→ **EXERCISE**: Please work out how many lines below contain the word "officers", and reply with only that number.

* * * * * * *

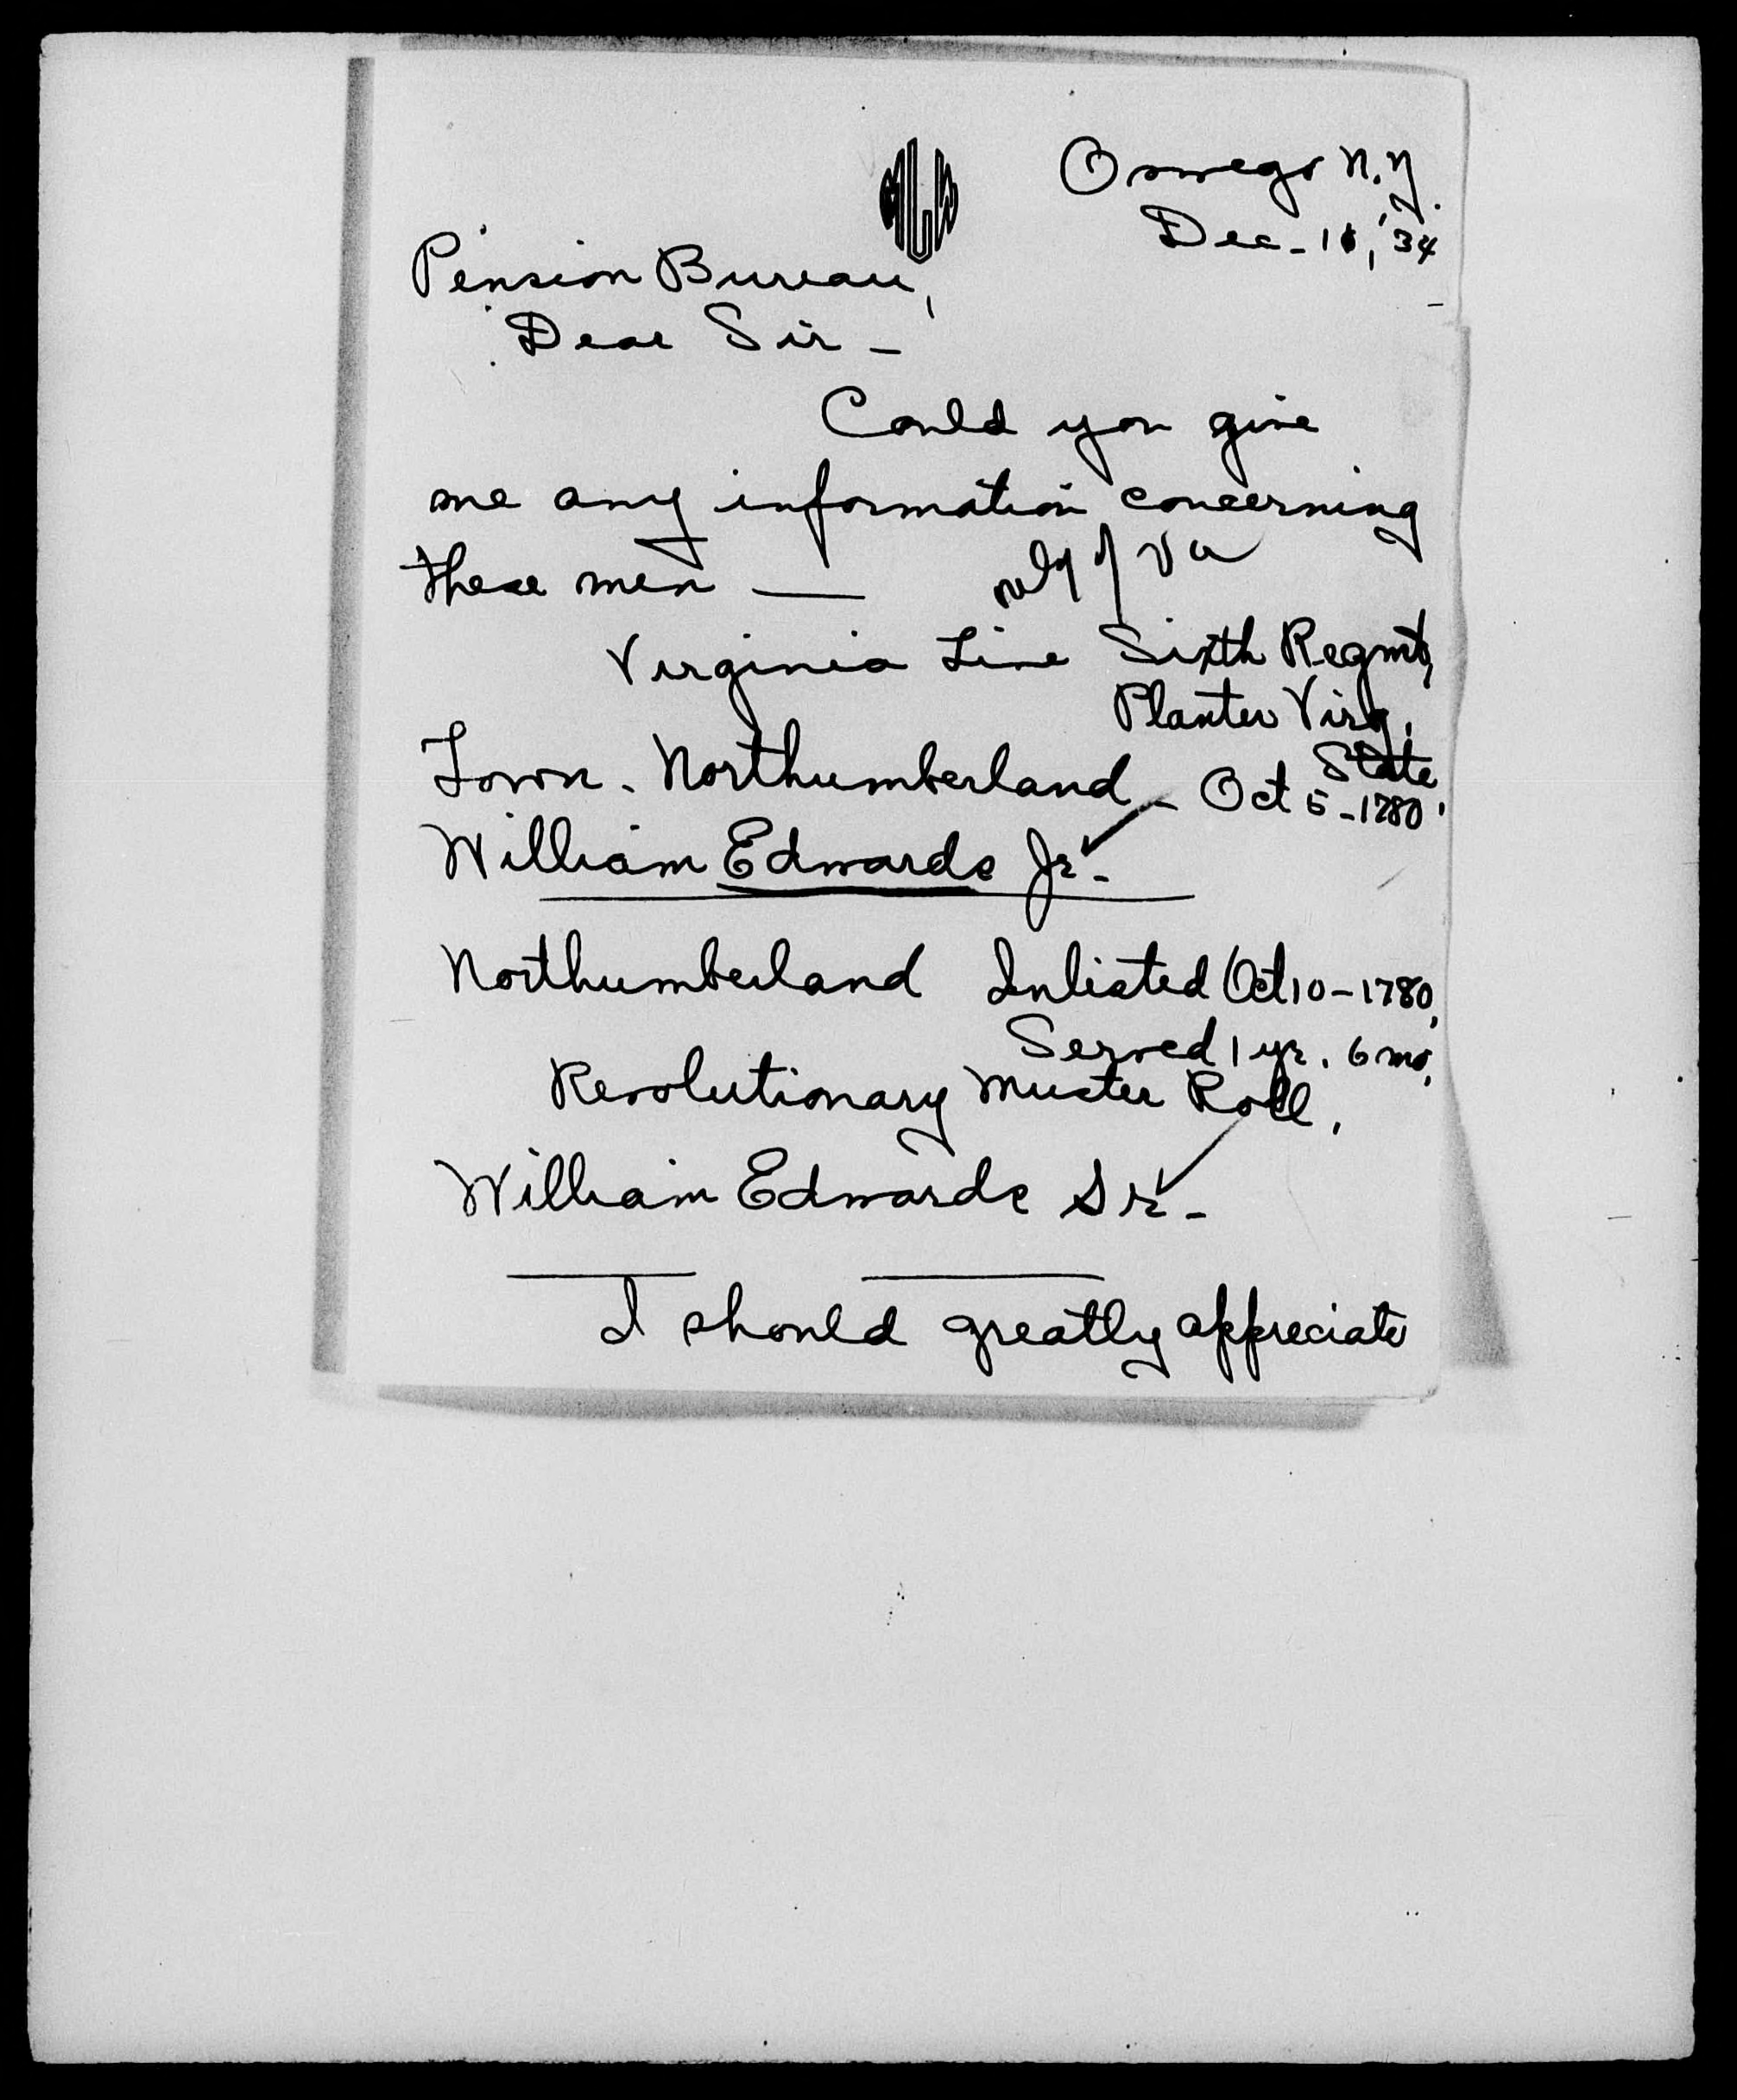Orange N.Y.
Dec - 11, '34
Pension Bureau,
Dear Sir -
Could you give me any information concerning these men - 
Virginia Line [note: only of Va] Sixth Regmt
Planter Virg, State
Town - Northumderland - Oct 5 - 1780
William Edwards Jr.
Northumberland Inlisted Oct 10 - 1780, 
Served 1 yr. 6 mo.
Revolutionary Muster Roll.
William Edwards Sr.

I should greatly appreciate

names: William Edwards, William Edwards
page: 34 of 47
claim: survivor's
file: S. 3,322, William Edwards, Va.
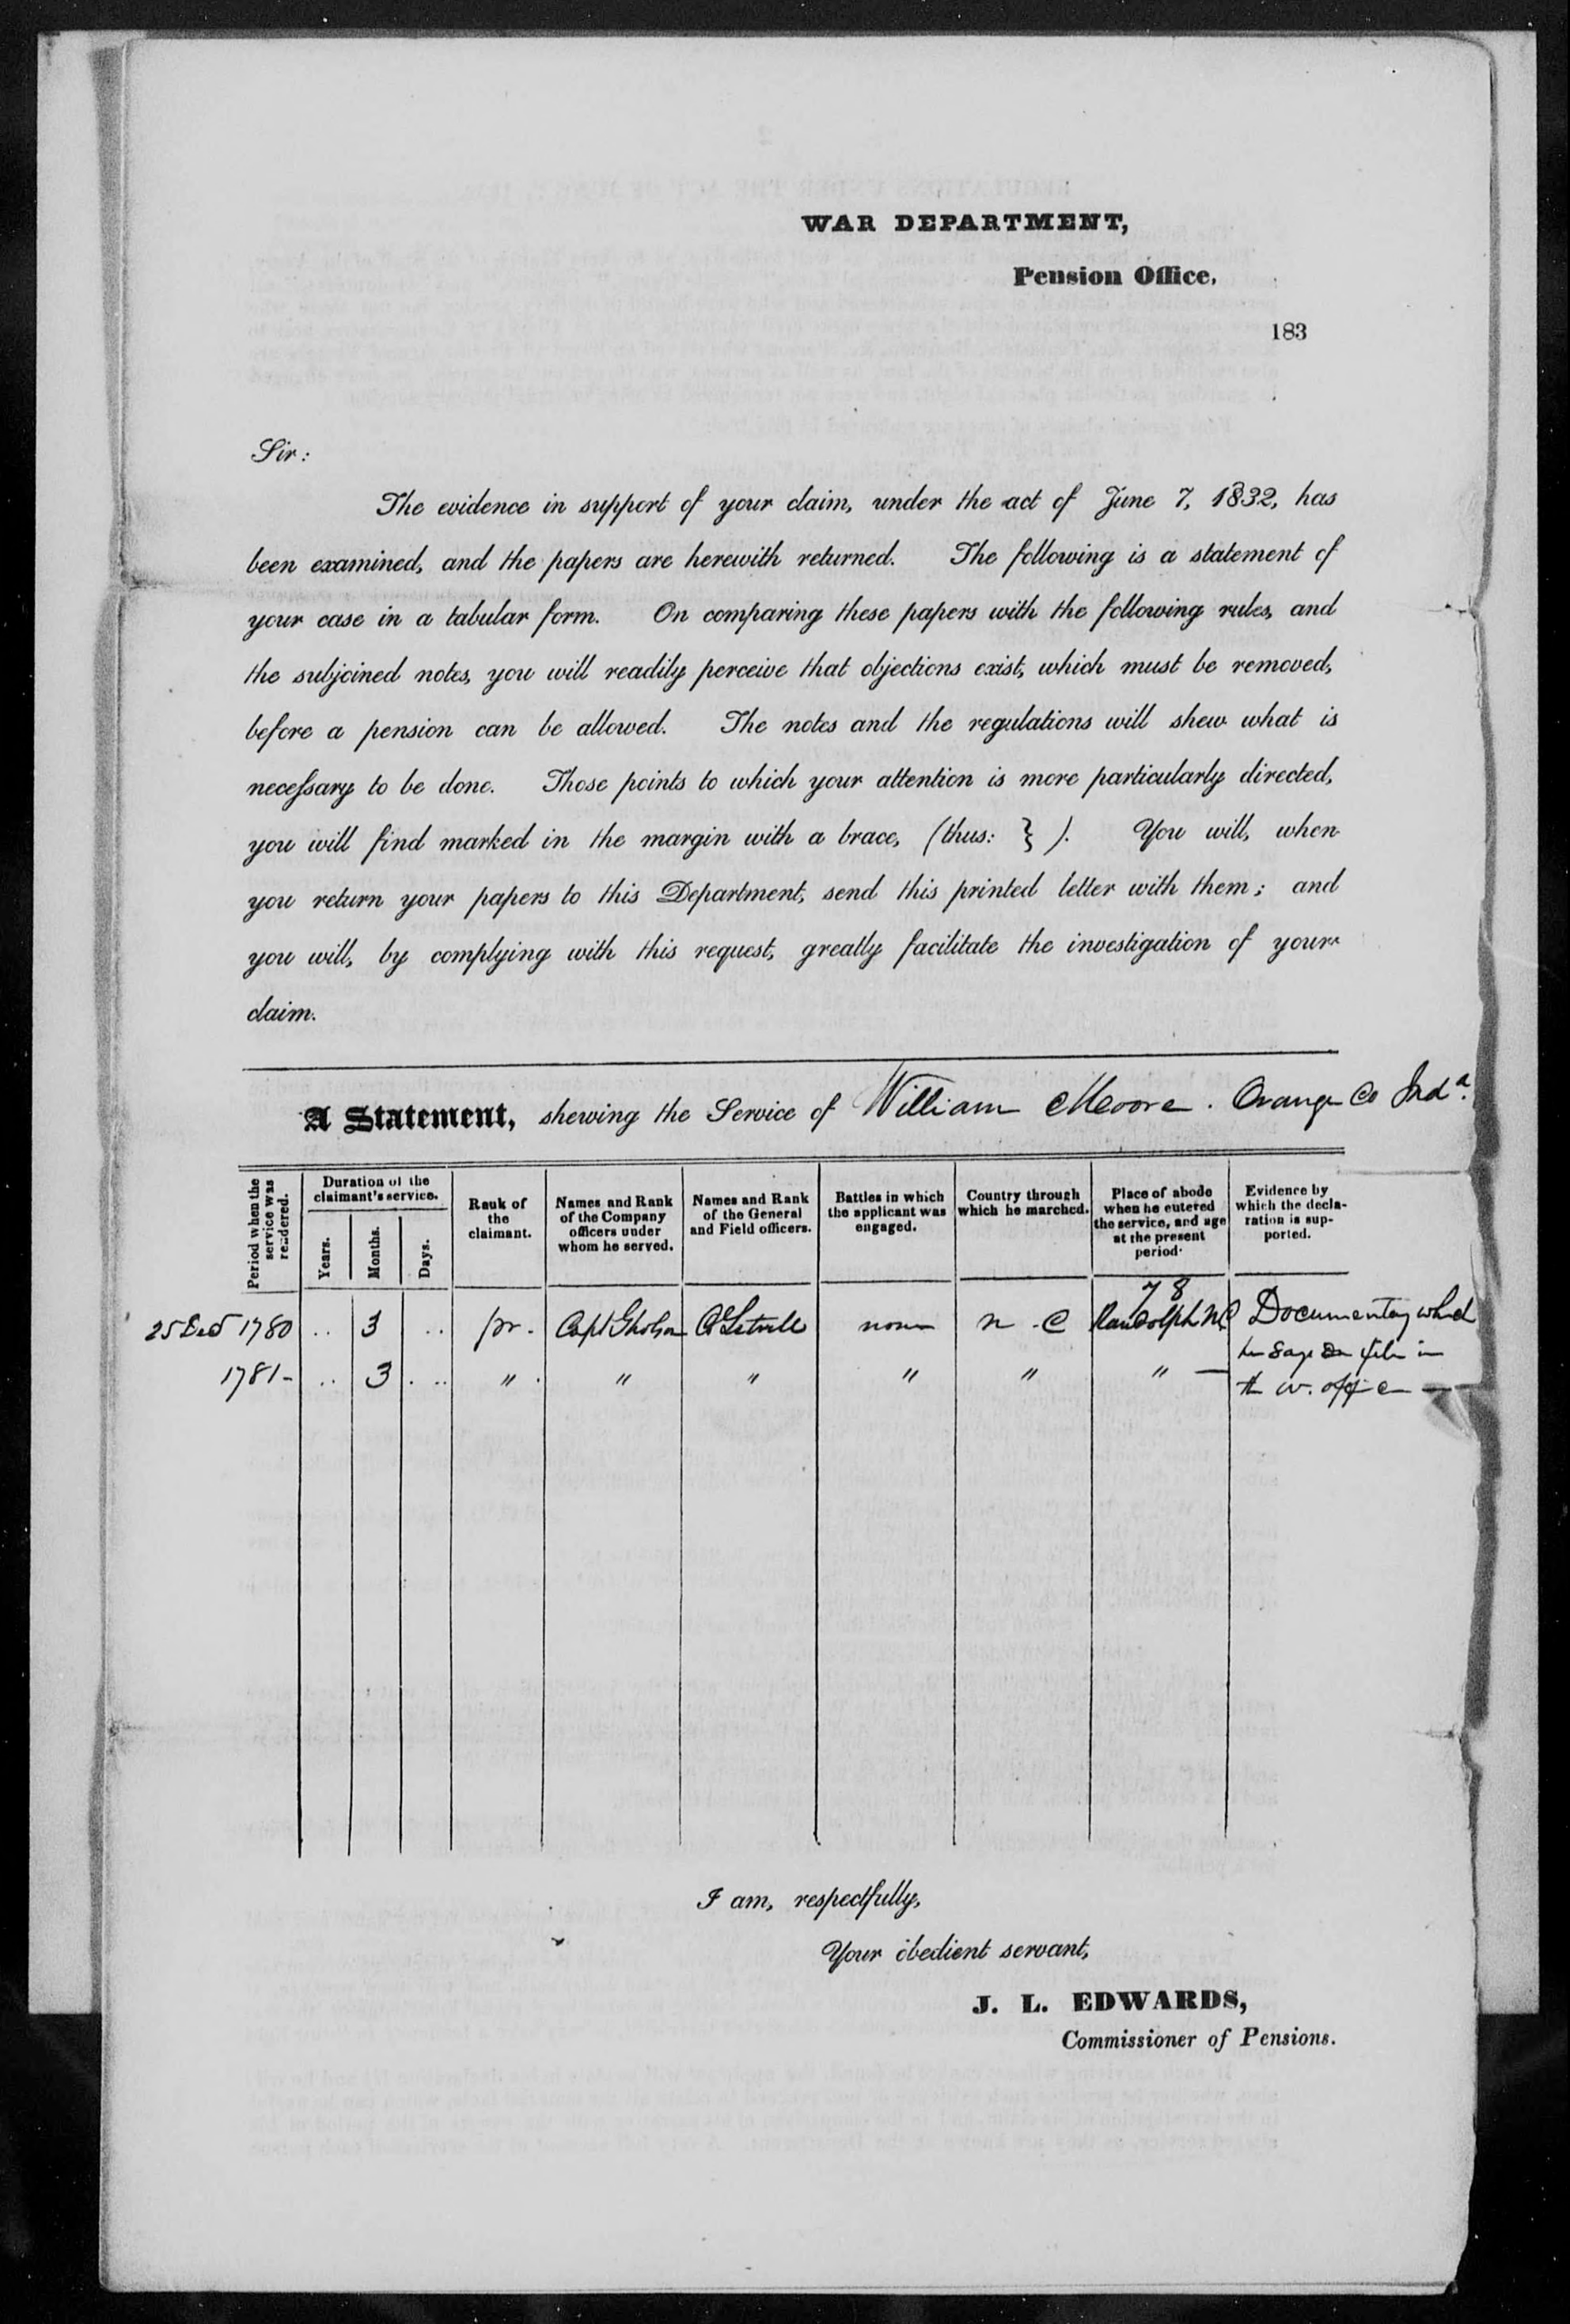WAR DEPARTMENT,
Pension Office.

Sir:
     The evidence in support of your claim, under the act of June 7, 1832, has been examined, and the papers are herewith returned.  The following is a statement of your case in a tabular form.  On comparing these papers with the following rules, and the subjoined notes, you will readily perceive that objections exist, which must be removed, before a pension can be allowed.  The notes and the regulations will shew what is necessary to be done.  Those points to which your attention is more particularly directed, you will find marked in the margin with a brace, (thus:}).  You will, when you return your papers to this Department, send this printed letter with them; and you will, by complying with this request, greatly facilitate the investigation of your claim.
       A Statement shewing the Service of William Moore.  Orange Co. Indiana
Period which the service was rendered.
25 Dec. 1780
1781

Duration of the claimant's service.
Years.  Months.  Days.  
...3...
...3...

Rank of the claimant.
Pri
"
Names and Rank of the Company officers under whom he served.
Capt. Gholson
"

Names and Rank of the General and Field officers.
Co.  Lutrell
"

Battles in which the applicant was engaged.
none
"

Country through which he marched.
N.C.
"

Place of abode when he entered the service, and age at the present period.
78
Randolph N.C.
"

Evidence by which the declaration is supported.
Documentary which he says on file in the w. office.

                    I am, respectfully,
                       Your obedient servant,
                           J.L. EDWARDS,
                           Commissioner of Pensions

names: William Moore; J L Edwards; [BLANK] Gholson; [BLANK] Letrell
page: 8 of 16
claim: survivor's
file: S. 17,592, for William Moore, North Carolina

* * * * * * *

→ **SOLUTION BELOW**: 2